Return the records from the first line through the line containing "Answer: above", and leave out the pictures.

(Records from a data source)
○ ○ ○
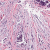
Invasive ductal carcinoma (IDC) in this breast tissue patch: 1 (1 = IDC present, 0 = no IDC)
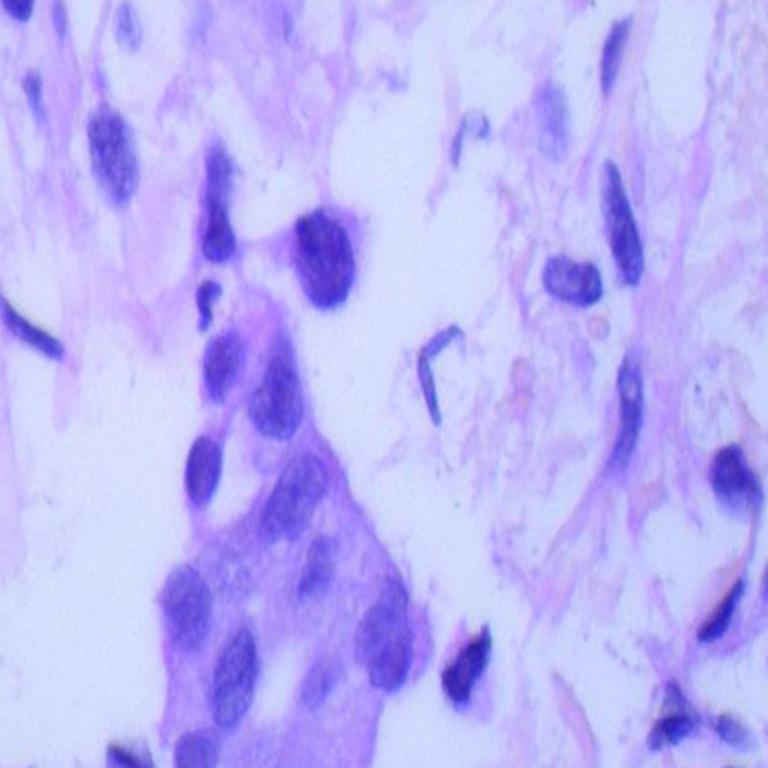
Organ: lung
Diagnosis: adenocarcinomas
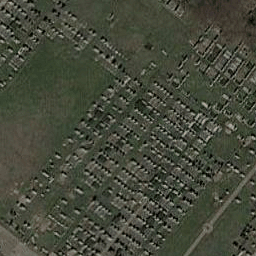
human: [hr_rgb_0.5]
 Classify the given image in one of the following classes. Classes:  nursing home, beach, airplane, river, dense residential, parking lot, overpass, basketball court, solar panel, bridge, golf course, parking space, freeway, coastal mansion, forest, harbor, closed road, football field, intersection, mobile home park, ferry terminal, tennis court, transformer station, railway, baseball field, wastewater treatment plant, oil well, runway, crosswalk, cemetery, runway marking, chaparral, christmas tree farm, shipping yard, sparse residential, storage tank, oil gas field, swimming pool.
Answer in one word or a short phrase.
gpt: cemetery
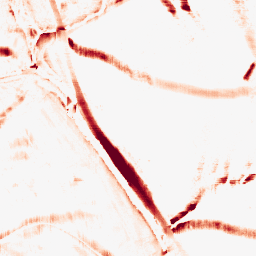
Category: morphological
Decomposition family: morphological_square
Decomposition parameters: operation: opening
size: 15
Upsampling method: quartic
Upsampling parameters: scale: 4
Upsampling scale: 4
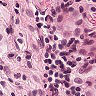
Metastatic tissue present: yes
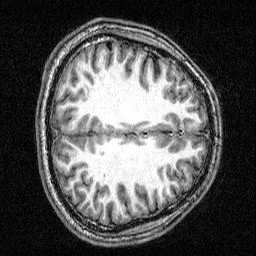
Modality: T1w
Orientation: axial
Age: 26
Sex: male
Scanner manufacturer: siemens
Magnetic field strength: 3 T
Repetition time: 2.5 s
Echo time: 0.00393 s
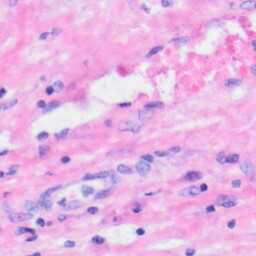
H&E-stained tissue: Liver
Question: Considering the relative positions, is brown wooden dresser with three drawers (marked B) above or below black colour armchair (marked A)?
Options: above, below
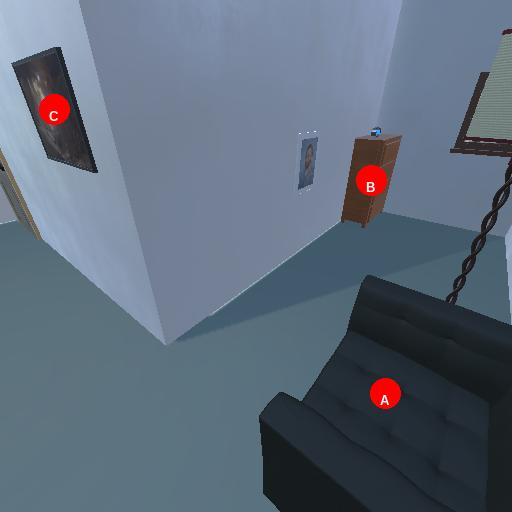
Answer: above
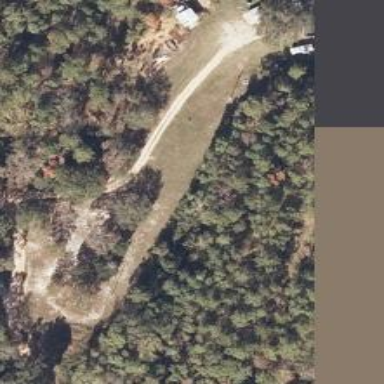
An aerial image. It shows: Driveway leading to service road.
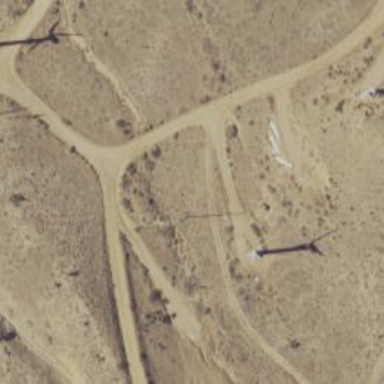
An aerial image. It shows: Wind turbine generating power.
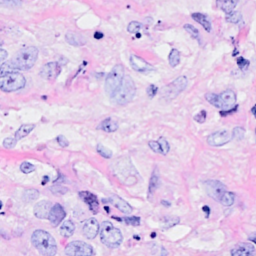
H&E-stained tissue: Breast
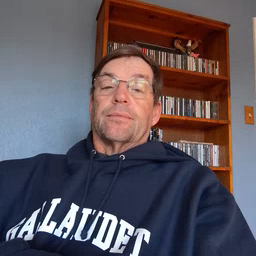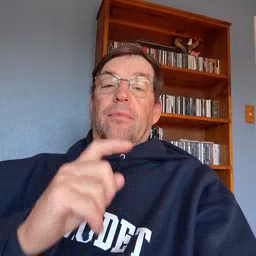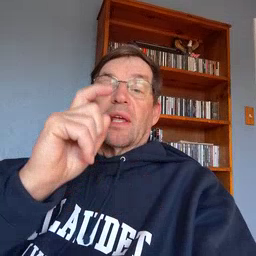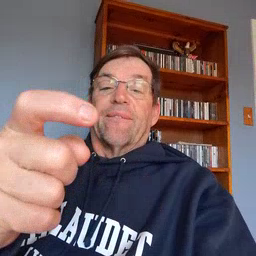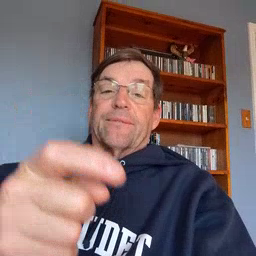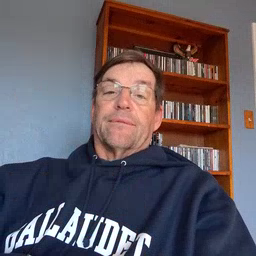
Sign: gift
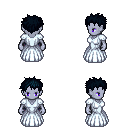
a pixel art fantasy rpg character, female body template, dark elf, purple skin, underdress, magenta pants, raven bedhead hairstyle, four views (front, back, left, right), 2x2 character sprite sheet, small pixel art, hard edges, no anti-aliasing
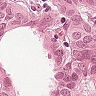
Metastatic tissue present: yes
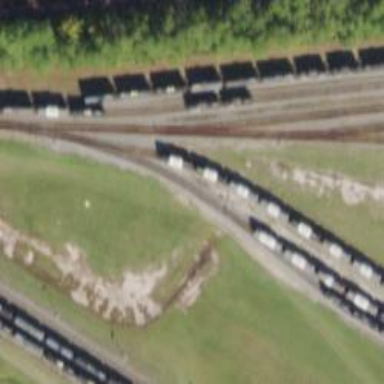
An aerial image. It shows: Railway spur service.
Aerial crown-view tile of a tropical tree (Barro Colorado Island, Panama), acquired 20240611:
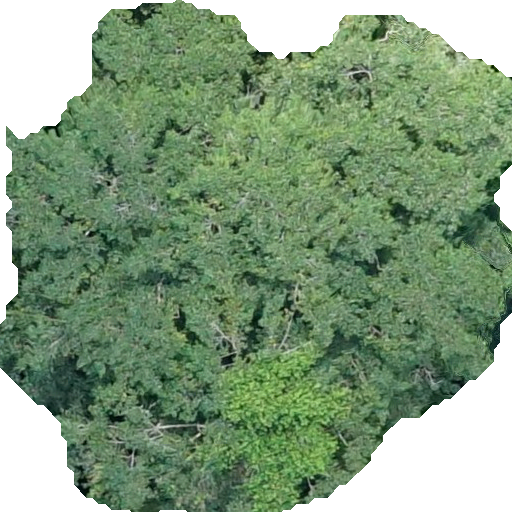
Species: Chrysophyllum cainito
GBIF accepted scientific name: Chrysophyllum cainito
Crown area: 327.467 m²
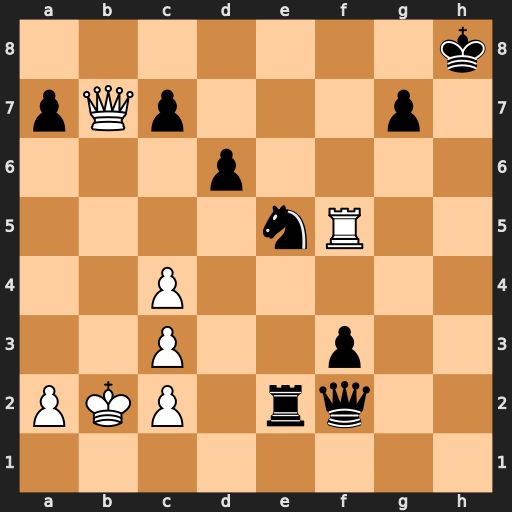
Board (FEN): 7k/pQp3p1/3p4/4nR2/2P5/2P2p2/PKP1rq2/8
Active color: w
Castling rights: -
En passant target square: -
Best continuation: Qc8+ Kh7 Rh5+ Kg6 Qf5#
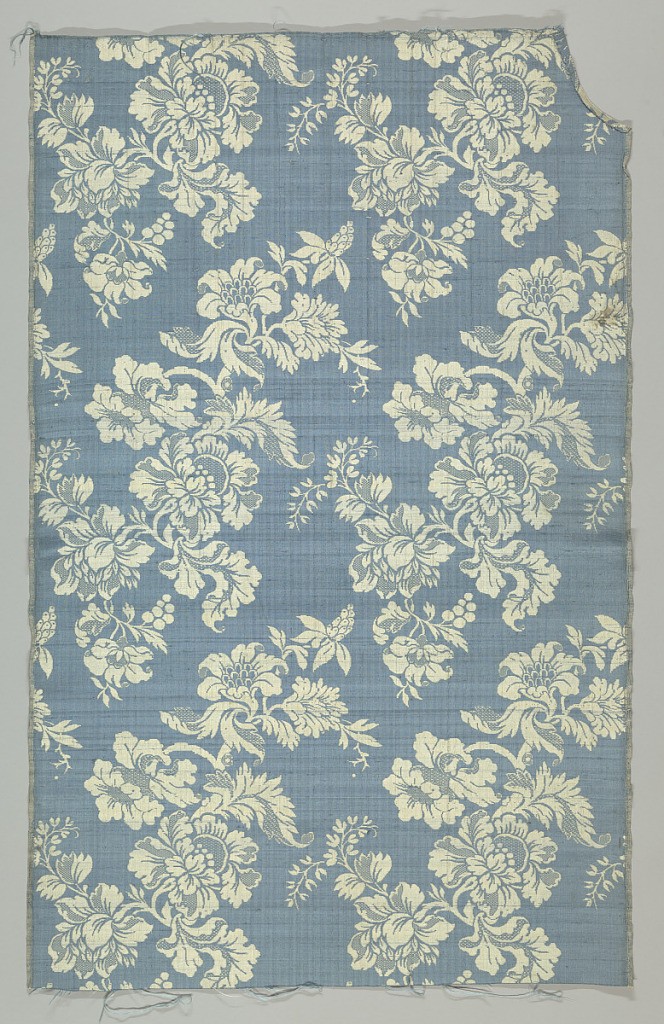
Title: Textile
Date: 18th century
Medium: silk Technique: damask weave
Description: Large diagonal arrangement of white flower sprays on a blue ground.
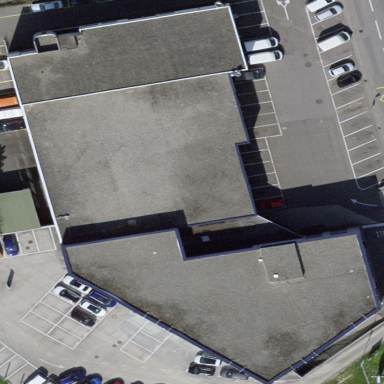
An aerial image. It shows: Car shop building.
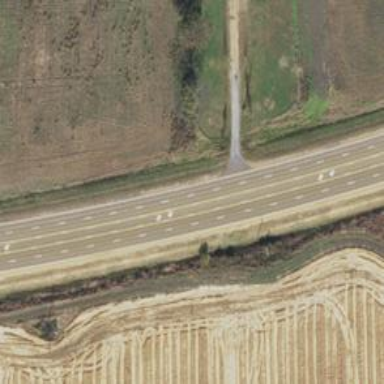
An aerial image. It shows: Trunk highway.
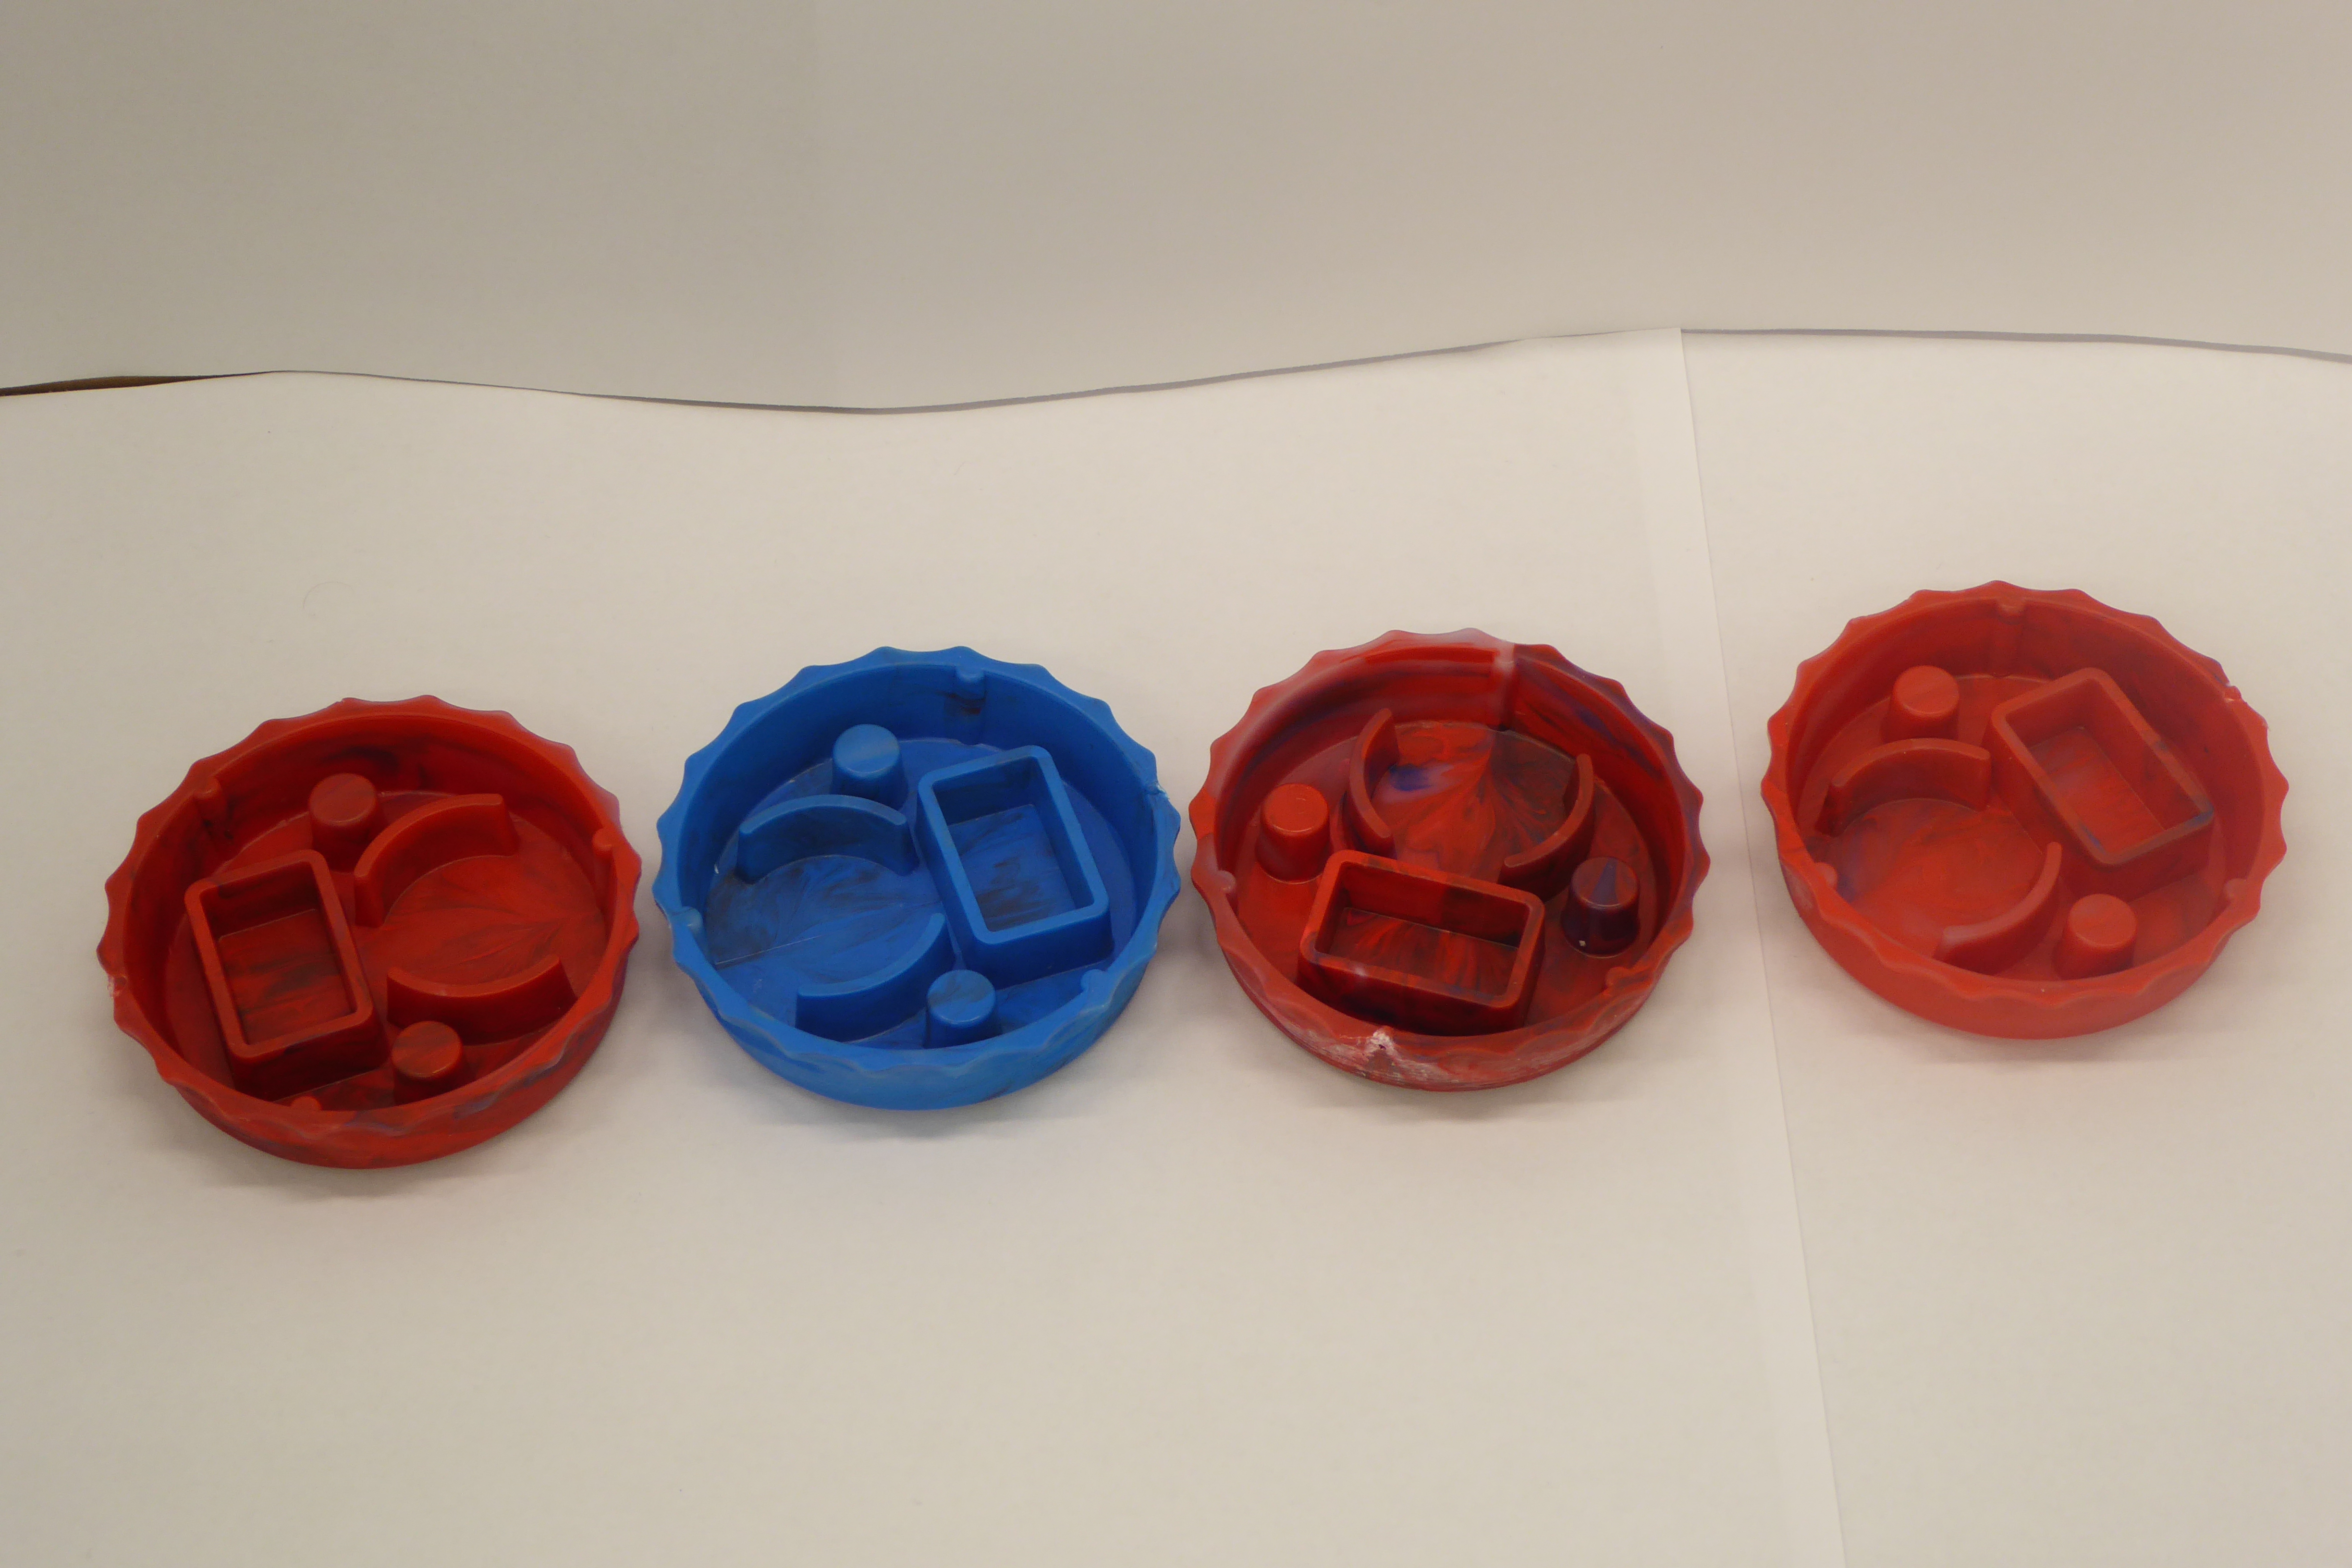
○ ○ ○
__Result of this task__.
Invasive ductal carcinoma (IDC) in this breast tissue patch: 1 (1 = IDC present, 0 = no IDC)
Organ: lung
Diagnosis: adenocarcinomas
human: [hr_rgb_0.5]
 Classify the given image in one of the following classes. Classes:  nursing home, beach, airplane, river, dense residential, parking lot, overpass, basketball court, solar panel, bridge, golf course, parking space, freeway, coastal mansion, forest, harbor, closed road, football field, intersection, mobile home park, ferry terminal, tennis court, transformer station, railway, baseball field, wastewater treatment plant, oil well, runway, crosswalk, cemetery, runway marking, chaparral, christmas tree farm, shipping yard, sparse residential, storage tank, oil gas field, swimming pool.
Answer in one word or a short phrase.
gpt: cemetery
Category: morphological
Decomposition family: morphological_square
Decomposition parameters: operation: opening
size: 15
Upsampling method: quartic
Upsampling parameters: scale: 4
Upsampling scale: 4
Metastatic tissue present: yes
Modality: T1w
Orientation: axial
Age: 26
Sex: male
Scanner manufacturer: siemens
Magnetic field strength: 3 T
Repetition time: 2.5 s
Echo time: 0.00393 s
H&E-stained tissue: Liver
Question: Considering the relative positions, is brown wooden dresser with three drawers (marked B) above or below black colour armchair (marked A)?
Options: above, below
Answer: above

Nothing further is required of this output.